Recapping the W3C's "HTML5 differences from HTML4" document

Published on .

This post originally appeared on Viget’s Inspire blog.

Last week, the W3C released an updated version of its HTML5 differences from HTML4 document. This is the second iteration of the text this year and the seventh overall since first being drafted in January, 2008.

The document is a tremendous resource to front-end web developers as it outlines only those items relevant to authors. If you’ve ever tried to parse a W3C spec (and lived to tell about it), then you know they are geared toward browser makers and not run-of-the-mill web developers (The Rest of Us™).

I just finished reading over the latest version of the “differences” document and thought it’d be helpful to jot down some thoughts on things I hadn’t seen before when reading up on HTML5. For brevity’s sake, we’ll just cover the changes to markup. There’s a truckload of new APIs that I’m hoping to cover in the near-ish future.

Let’s get this party started with a “new” element.

embed is used for plugin content.

I’ll be honest and admit I’m a little confused as to how this differs from the object element. It’s also pretty late as I’m writing this, so that could have something to do with it. Enlighten me, dear readers.

New Attributes

The a and area elements have a new attribute called ping that specifies a space-separated list of URLs which have to be pinged when the hyperlink is followed. Currently user tracking is mostly done through redirects. This attribute allows the user agent to inform users which URLs are going to be pinged as well as giving privacy-conscious users a way to turn it off.

This is a pretty cool addition as it bakes into the browser behavior that is already in widespread use. “Paving the cowpath,” as Mr. Keith would say. The side benefit here is that it gives the end user power over their own privacy (at least as it pertains to click tracking).

The new form attribute for input, output, select, textarea, button and fieldset elements allows for controls to be associated with a form. I.e. these elements can now be placed anywhere on a page, not just as descendants of the form element.

    <input type=email form=x name=email>
<form id=x></form>

This is a huge change from the historic approach to form development. Let’s be honest, though, building huge complex forms into an already complex design can be a bear. The new form attribute, when applied judiciously and with an eye toward accessibility, will go a long way to relieving some of the pain of modern form development. I’d love to get John’s or William’s opinion on the accessibility implications here.

The fieldset element now allows the disabled attribute. It disables all descendant controls when specified.

Another sensible addition to the spec. This should ease scripting gymnastics when dealing with larger, complex forms.

Global Attributes

HTML5 introduces the notion of “global attributes” which, as you may have guessed, apply to any element in the DOM. Previous versions of HTML (and XHTML) had “core attributes” that applied to most elements, but not all. A thorough list of global (or standard) attributes in HTML5 can be found over on W3Schools.

Of the new global attributes, spellcheck is interesting:

The spellcheck attribute allows for hinting whether content can be checked for spelling or not.

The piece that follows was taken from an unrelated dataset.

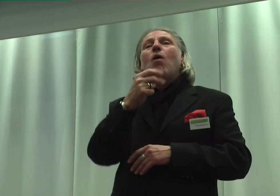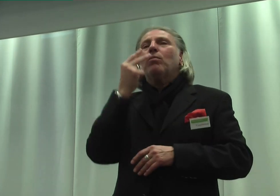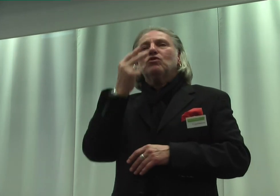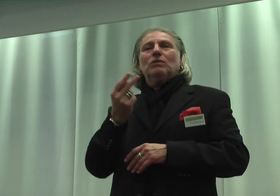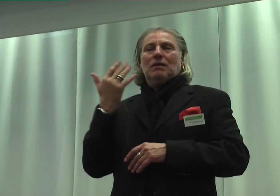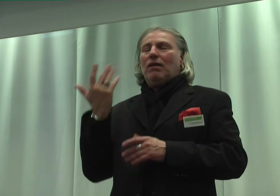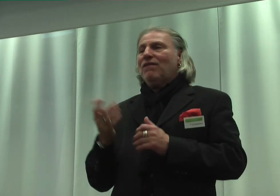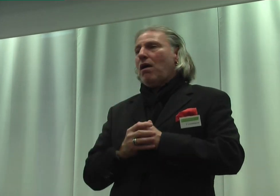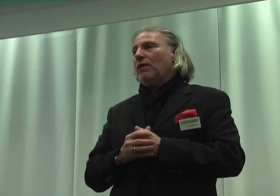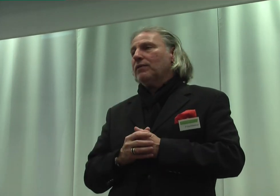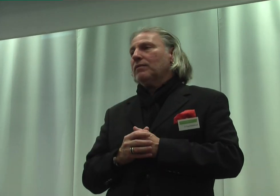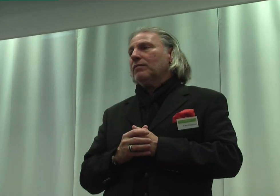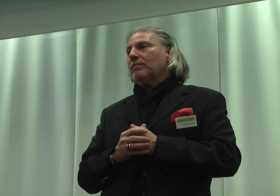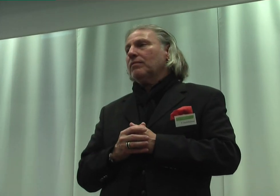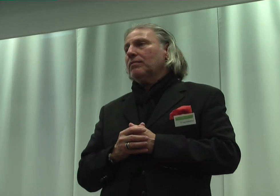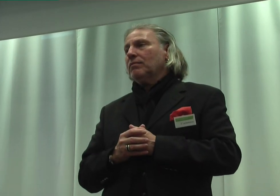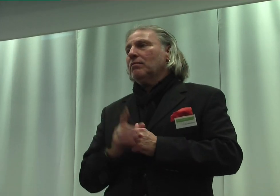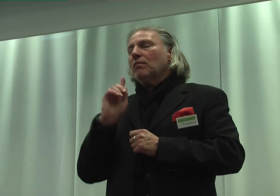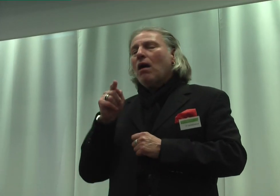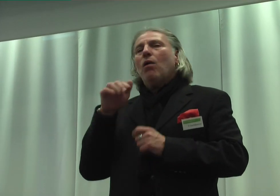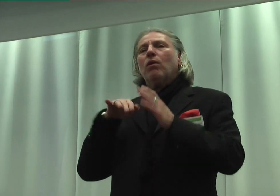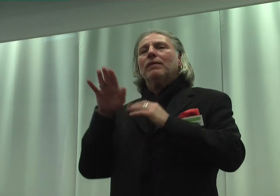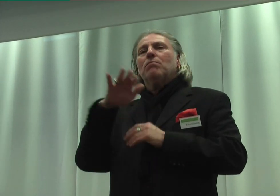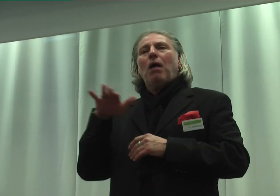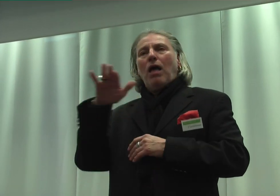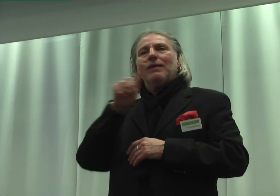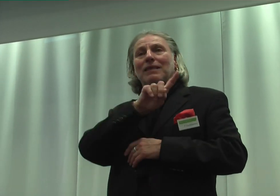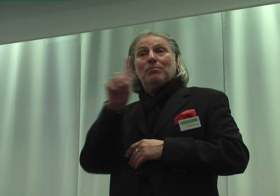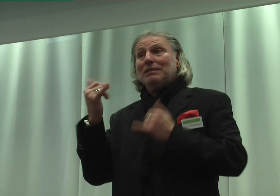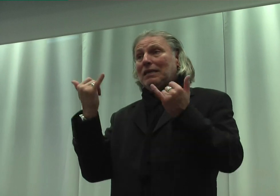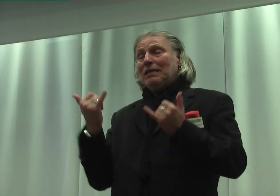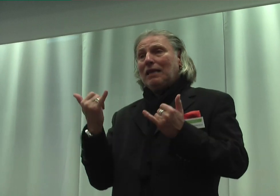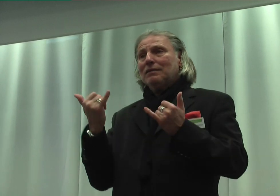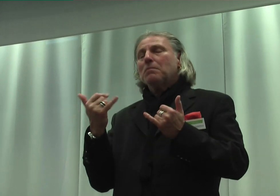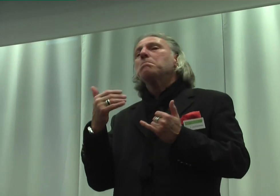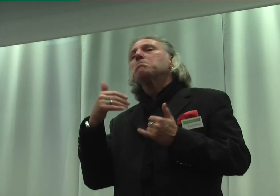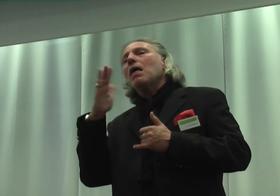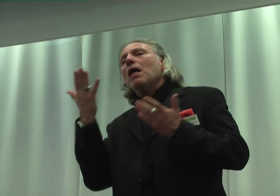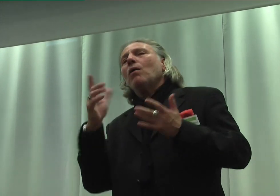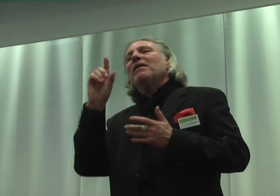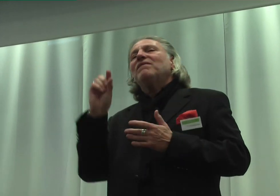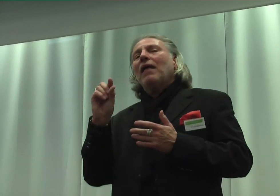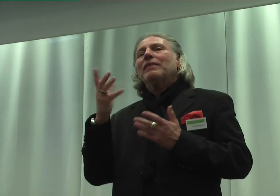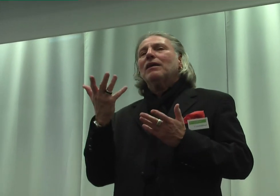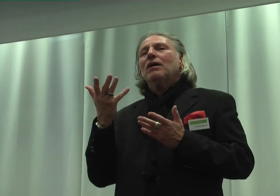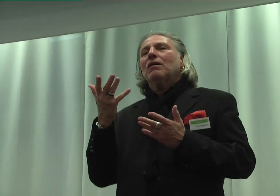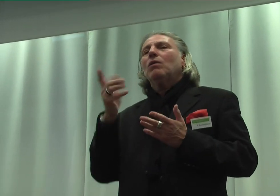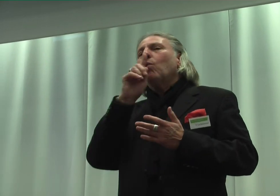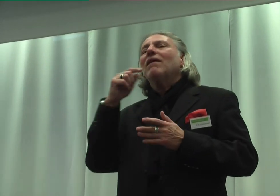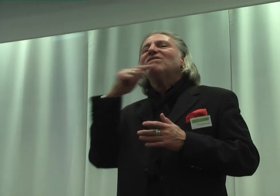und auch in Bereichen, die nicht mehr oder weniger weiße Fläche waren.

It does exactly what you’d think it would. Success!

HTML5 also makes all event handler attributes from HTML4, which take the form onevent-name, global attributes and adds several new event handler attributes for new events it defines.

The “separation of content, presentation, and behavior” purist in me isn’t too keen on codifying event handlers as attributes, but it’s in the spec so it’s worth mentioning.

Changed Elements

The b element now represents a span of text to be stylistically offset from the normal prose without conveying any extra importance, such as keywords in a document abstract, product names in a review, or other spans of text whose typical typographic presentation is emboldened.

Yep, good ol’ b is still there. As is our old friend…

The i element now represents a span of text in an alternate voice or mood, or otherwise offset from the normal prose, such as a taxonomic designation, a technical term, an idiomatic phrase from another language, a thought, a ship name, or some other prose whose typical typographic presentation is italicized. Usage varies widely by language.

Both of those reformulations imply presentation, so make of them what you will.

That’s a wrap

There you have it: things I didn’t know (or had otherwise forgotten) about the HTML5 spec. Definitely give the whole document a read when you have the chance and let us know in the comments what you like, dislike, or don’t understand.